(Stored records)
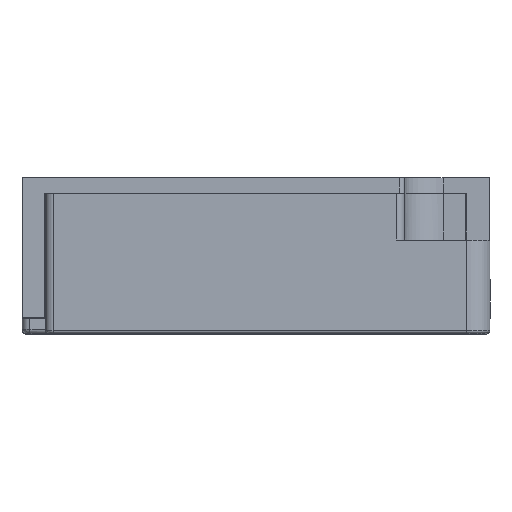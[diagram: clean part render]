
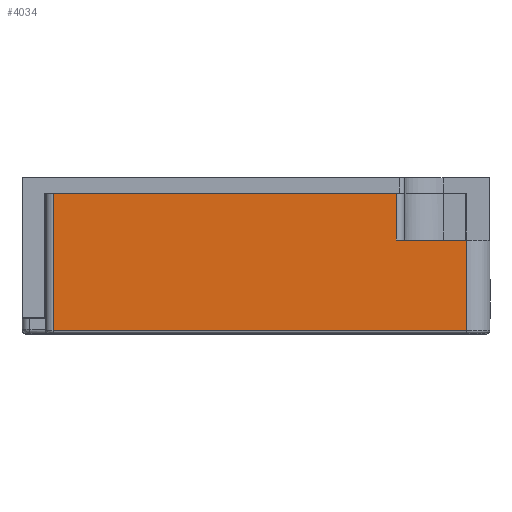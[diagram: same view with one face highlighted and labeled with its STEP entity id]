
A CAD part, top view. The second image highlights one B-rep face of the part: STEP entity #4034.
In plain terms, the highlighted planar face has unit normal (0, 0, 1).
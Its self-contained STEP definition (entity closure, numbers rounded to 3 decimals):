
#632=DIRECTION('',(0.,1.,0.));
#633=VECTOR('',#632,5.8);
#634=CARTESIAN_POINT('',(14.5,0.2,15.2));
#635=LINE('',#634,#633);
#640=DIRECTION('',(1.,0.,0.));
#641=VECTOR('',#640,21.99);
#642=CARTESIAN_POINT('',(-11.994,9.,15.2));
#643=LINE('',#642,#641);
#644=DIRECTION('',(1.,0.,0.));
#645=VECTOR('',#644,4.504);
#646=CARTESIAN_POINT('',(9.996,6.,15.2));
#647=LINE('',#646,#645);
#648=DIRECTION('',(1.,0.,0.));
#649=VECTOR('',#648,26.494);
#650=CARTESIAN_POINT('',(-11.994,0.2,15.2));
#651=LINE('',#650,#649);
#675=DIRECTION('',(0.,-1.,0.));
#676=VECTOR('',#675,8.8);
#677=CARTESIAN_POINT('',(-11.994,9.,15.2));
#678=LINE('',#677,#676);
#1853=DIRECTION('',(0.,1.,0.));
#1854=VECTOR('',#1853,3.);
#1855=CARTESIAN_POINT('',(9.996,6.,15.2));
#1856=LINE('',#1855,#1854);
#2811=CARTESIAN_POINT('',(14.5,0.2,15.2));
#2812=VERTEX_POINT('',#2811);
#2813=CARTESIAN_POINT('',(14.5,6.,15.2));
#2814=VERTEX_POINT('',#2813);
#2815=CARTESIAN_POINT('',(-11.994,0.2,15.2));
#2816=VERTEX_POINT('',#2815);
#2817=CARTESIAN_POINT('',(-11.994,9.,15.2));
#2818=VERTEX_POINT('',#2817);
#2819=CARTESIAN_POINT('',(9.996,9.,15.2));
#2820=VERTEX_POINT('',#2819);
#2821=CARTESIAN_POINT('',(9.996,6.,15.2));
#2822=VERTEX_POINT('',#2821);
#4016=CARTESIAN_POINT('',(-14.,0.,15.2));
#4017=DIRECTION('',(0.,0.,1.));
#4018=DIRECTION('',(1.,0.,0.));
#4019=AXIS2_PLACEMENT_3D('',#4016,#4017,#4018);
#4020=PLANE('',#4019);
#4022=ORIENTED_EDGE('',*,*,#4021,.F.);
#4024=ORIENTED_EDGE('',*,*,#4023,.F.);
#4026=ORIENTED_EDGE('',*,*,#4025,.T.);
#4028=ORIENTED_EDGE('',*,*,#4027,.F.);
#4030=ORIENTED_EDGE('',*,*,#4029,.T.);
#4031=ORIENTED_EDGE('',*,*,#4008,.F.);
#4032=EDGE_LOOP('',(#4022,#4024,#4026,#4028,#4030,#4031));
#4033=FACE_OUTER_BOUND('',#4032,.F.);
#4008=EDGE_CURVE('',#2812,#2814,#635,.T.);
#4021=EDGE_CURVE('',#2816,#2812,#651,.T.);
#4023=EDGE_CURVE('',#2818,#2816,#678,.T.);
#4025=EDGE_CURVE('',#2818,#2820,#643,.T.);
#4027=EDGE_CURVE('',#2822,#2820,#1856,.T.);
#4029=EDGE_CURVE('',#2822,#2814,#647,.T.);
#4034=ADVANCED_FACE('',(#4033),#4020,.T.);

## What is expected
The answer is the line with "#4029=EDGE_CURVE('',#2822,#2814,#647,.T.);" plus every line after it to the last line of the entries above, copied exactly and with no other lines.

## Response for this exercise
#4029=EDGE_CURVE('',#2822,#2814,#647,.T.);
#4034=ADVANCED_FACE('',(#4033),#4020,.T.);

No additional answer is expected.